Parmigiano had fled to Bologna where he was joined by the philosopher Lodovico Boccadifferro and the engraver Marcantonio Raimondi. Giovanni da Udine, who had helped Raphael with the Vatican Loggie and the Villa Madama, had returned to Udine. Vicenzio da San Gimignano had returned to Florence; and Giovanni Battista Rosso Fiorentino settled in Perugia before moving to France. Polidoro da Caravaggio had fled, only to be murdered in Messina. Jacopo Sansovino had left Rome for Venice where he was appointed City Architect. Fabio Calvo, the translator of Vitruvius, Paolo Bombace, the Greek scholar, Paolo Bombasi, the poet and Mariano Castellani, the writer, had all perished in the sack. The grammarian, Julianus Camers, had committed suicide. The poet, Marcantonio Casanova, had been seen begging for bread in the streets before dying of the plague. Peruzzi had been tortured, forced to paint the dead Duke of Bourbon, released, recaptured, tortured again and robbed, before escaping to Siena where he became Architect to the Republic.

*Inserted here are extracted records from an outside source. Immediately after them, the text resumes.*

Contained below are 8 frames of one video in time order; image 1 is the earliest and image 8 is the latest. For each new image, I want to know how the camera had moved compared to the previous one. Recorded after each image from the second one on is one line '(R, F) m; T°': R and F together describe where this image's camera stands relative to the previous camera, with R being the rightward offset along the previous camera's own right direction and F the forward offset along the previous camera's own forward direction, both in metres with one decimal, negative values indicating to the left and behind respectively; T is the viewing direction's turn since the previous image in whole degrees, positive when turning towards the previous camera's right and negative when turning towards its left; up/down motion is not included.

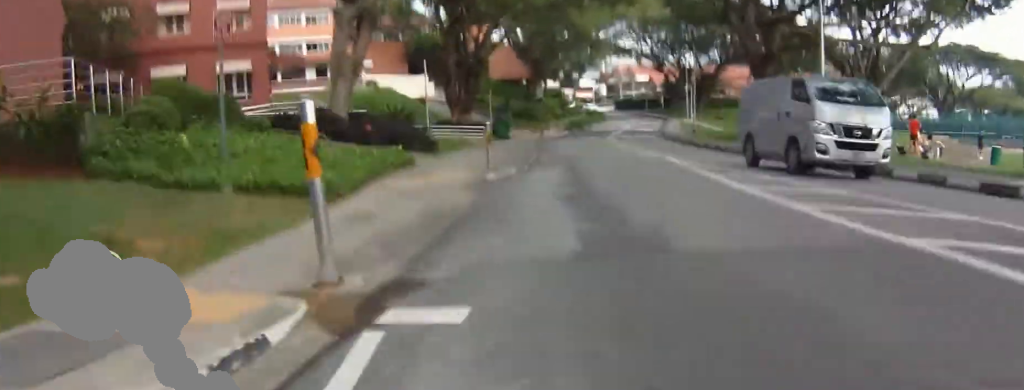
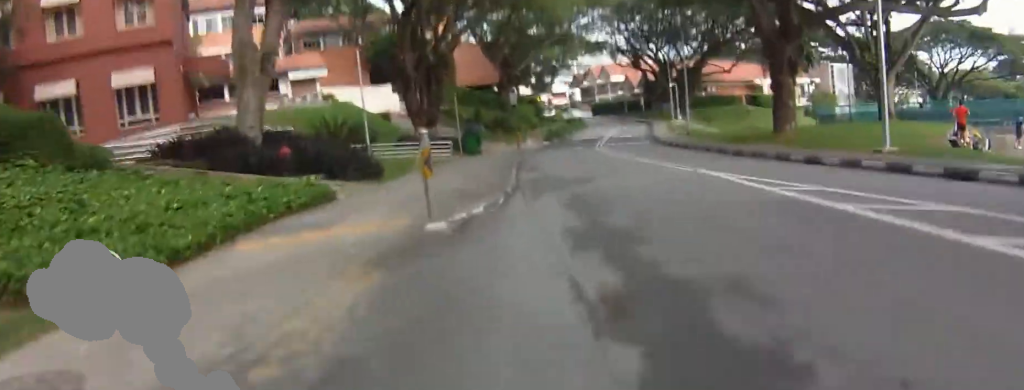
(+0.3, +5.8) m; +3°
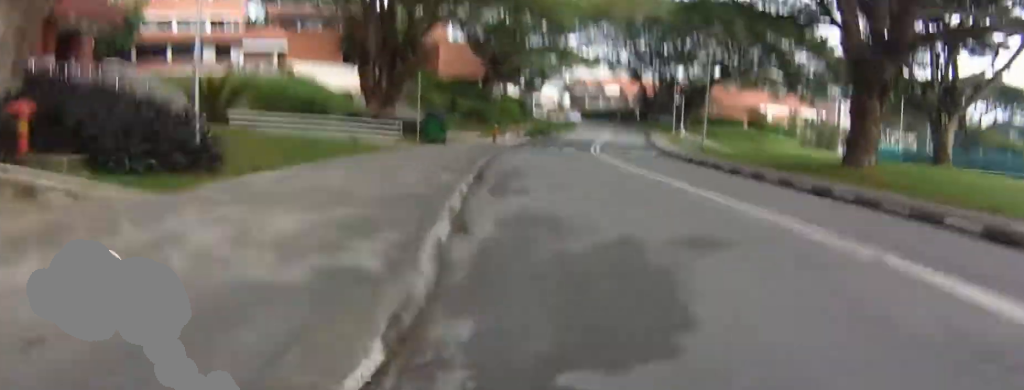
(0.0, +8.4) m; 0°
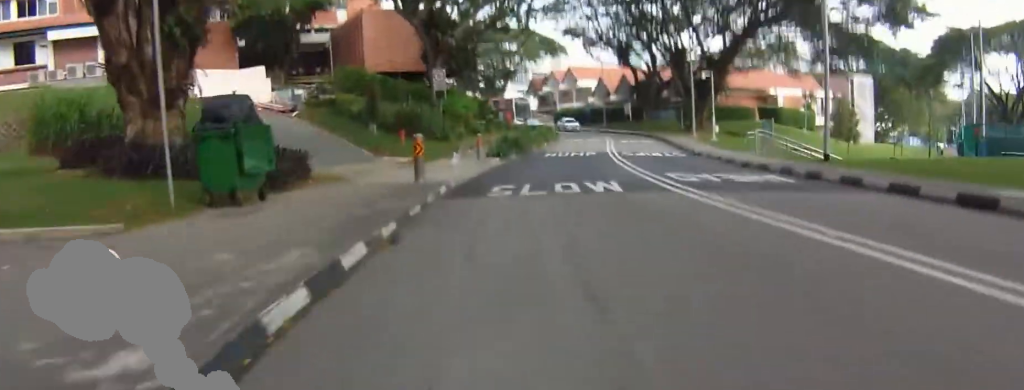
(+2.4, +17.2) m; +9°
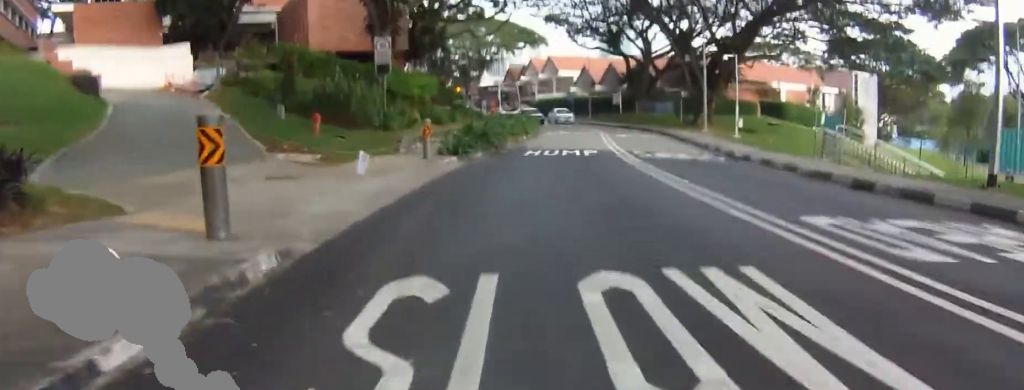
(-0.3, +8.2) m; -5°
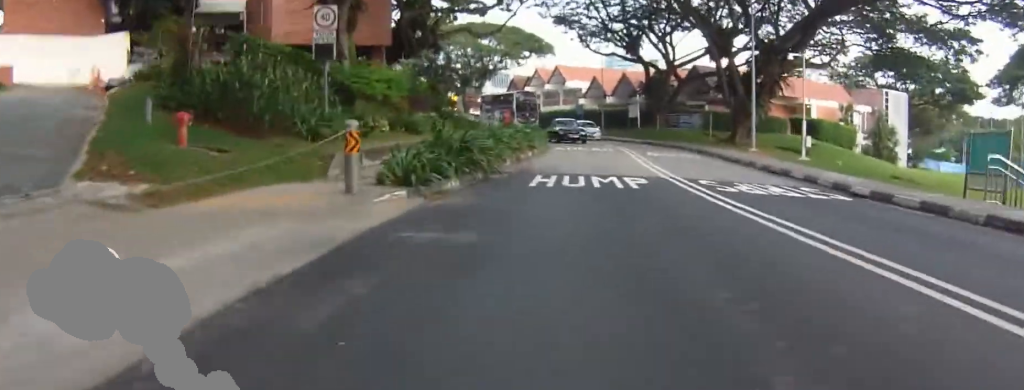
(-1.2, +9.0) m; -1°
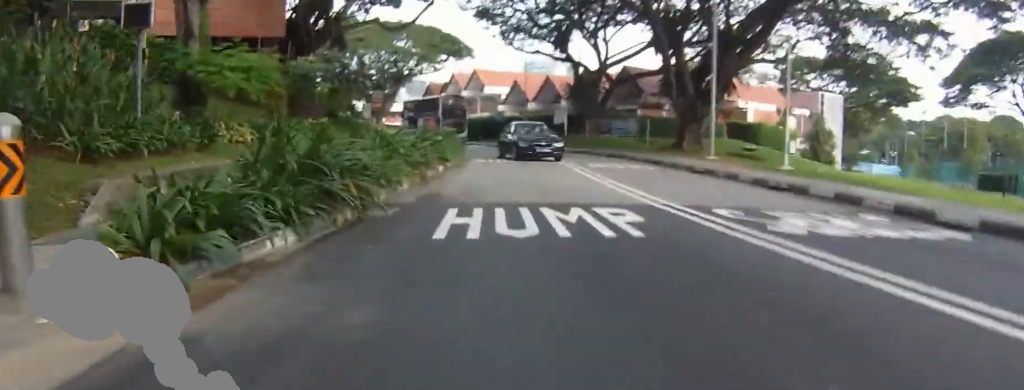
(+1.0, +7.4) m; +8°
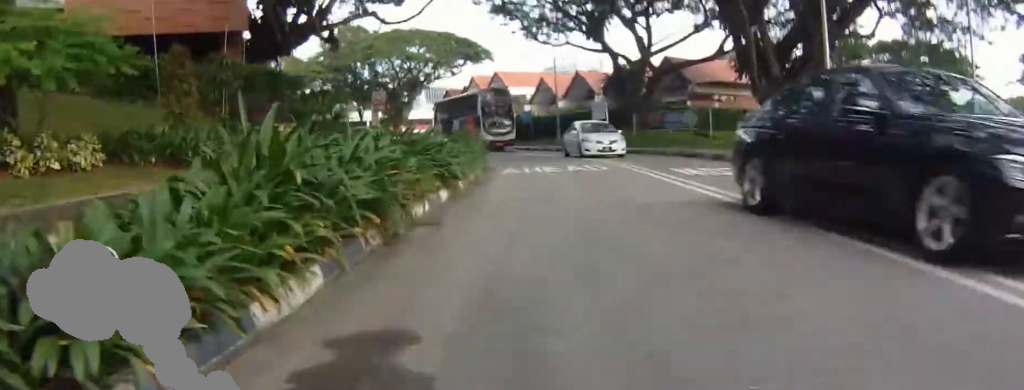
(0.0, +10.1) m; -4°

The man blamed and vilified for this disastrous dispersion lingered on in the Vatican, ill and almost blind, until, in the late summer of 1534, he contracted a fatal fever. Few mourned for him. He had, so Francesco Vettori said, ‘gone to a great deal of trouble to develop from a great and respected cardinal into a small and little respected pope’. Indeed, his death, so a Roman correspondent informed the Duke of Norfolk, was ‘the cause of rejoicing’ in the city. In St Peter's, where his body lay, intruders transfixed it with a sword and his temporary tomb was smeared with dirt. The inscription beneath it, ‘Clemens Pontifex Maximus’ was obliterated and in its place were written the words ‘Inclemens Pontifex Minimus’. Had it not been for the intervention of his nephew, Cardinal Ippolito de' Medici, the body would have been dragged round the streets on a meat-hook. Rome seemed once more to have returned to the barbarity and desolation of the Dark Ages.